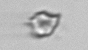
Label: detritus_transparent
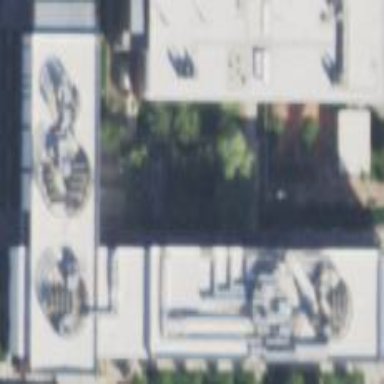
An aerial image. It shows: University building.
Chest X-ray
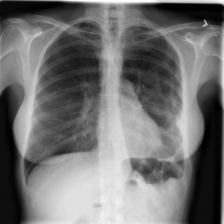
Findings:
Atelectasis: negative
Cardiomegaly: negative
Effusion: negative
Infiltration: negative
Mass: negative
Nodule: negative
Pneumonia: negative
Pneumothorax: negative
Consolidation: negative
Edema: negative
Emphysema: negative
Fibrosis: negative
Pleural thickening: positive
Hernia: negative
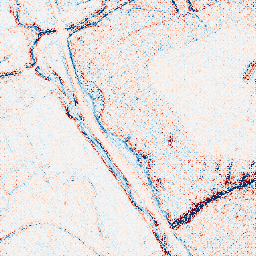
Category: edge_preserving
Decomposition family: bilateral
Decomposition parameters: d: 9
sigma_color: 75
sigma_space: 50
Upsampling method: regularized
Upsampling parameters: scale: 2
lambda_reg: 0.1
Upsampling scale: 2
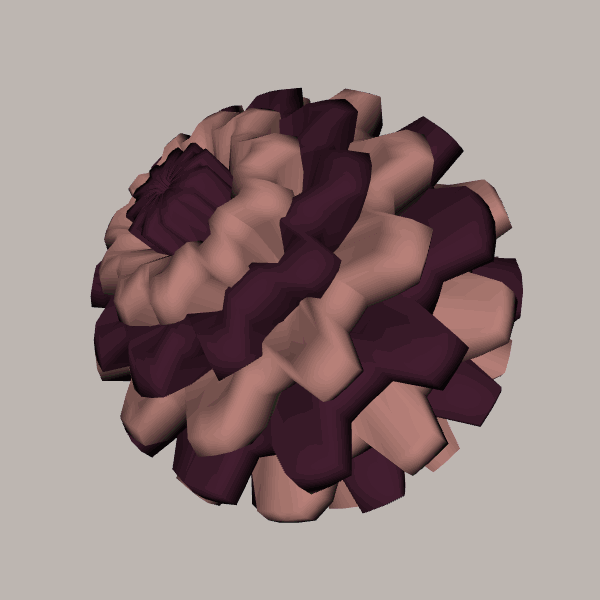
Background: light
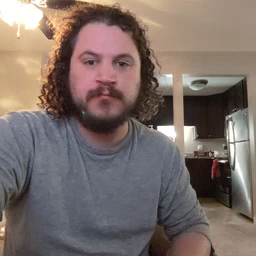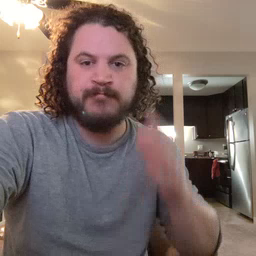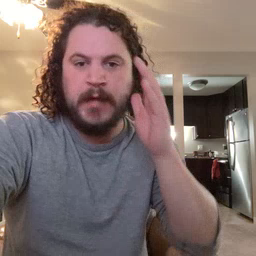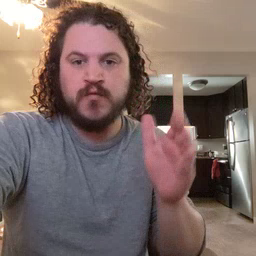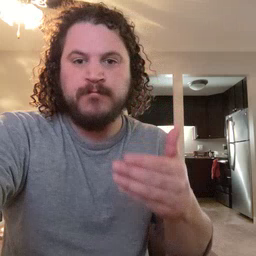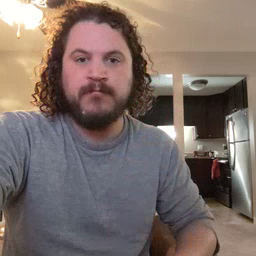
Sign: bedroom

**REQUIRED ACTION**.
When you reach the line containing "An aerial image." in the entries above, begin restating word for word, and stop once the line containing "Pleural thickening: positive" has been given. Omit the pictures.

**ANSWER TO THE PROBLEM**.
An aerial image. It shows: University building.
Chest X-ray
Findings:
Atelectasis: negative
Cardiomegaly: negative
Effusion: negative
Infiltration: negative
Mass: negative
Nodule: negative
Pneumonia: negative
Pneumothorax: negative
Consolidation: negative
Edema: negative
Emphysema: negative
Fibrosis: negative
Pleural thickening: positive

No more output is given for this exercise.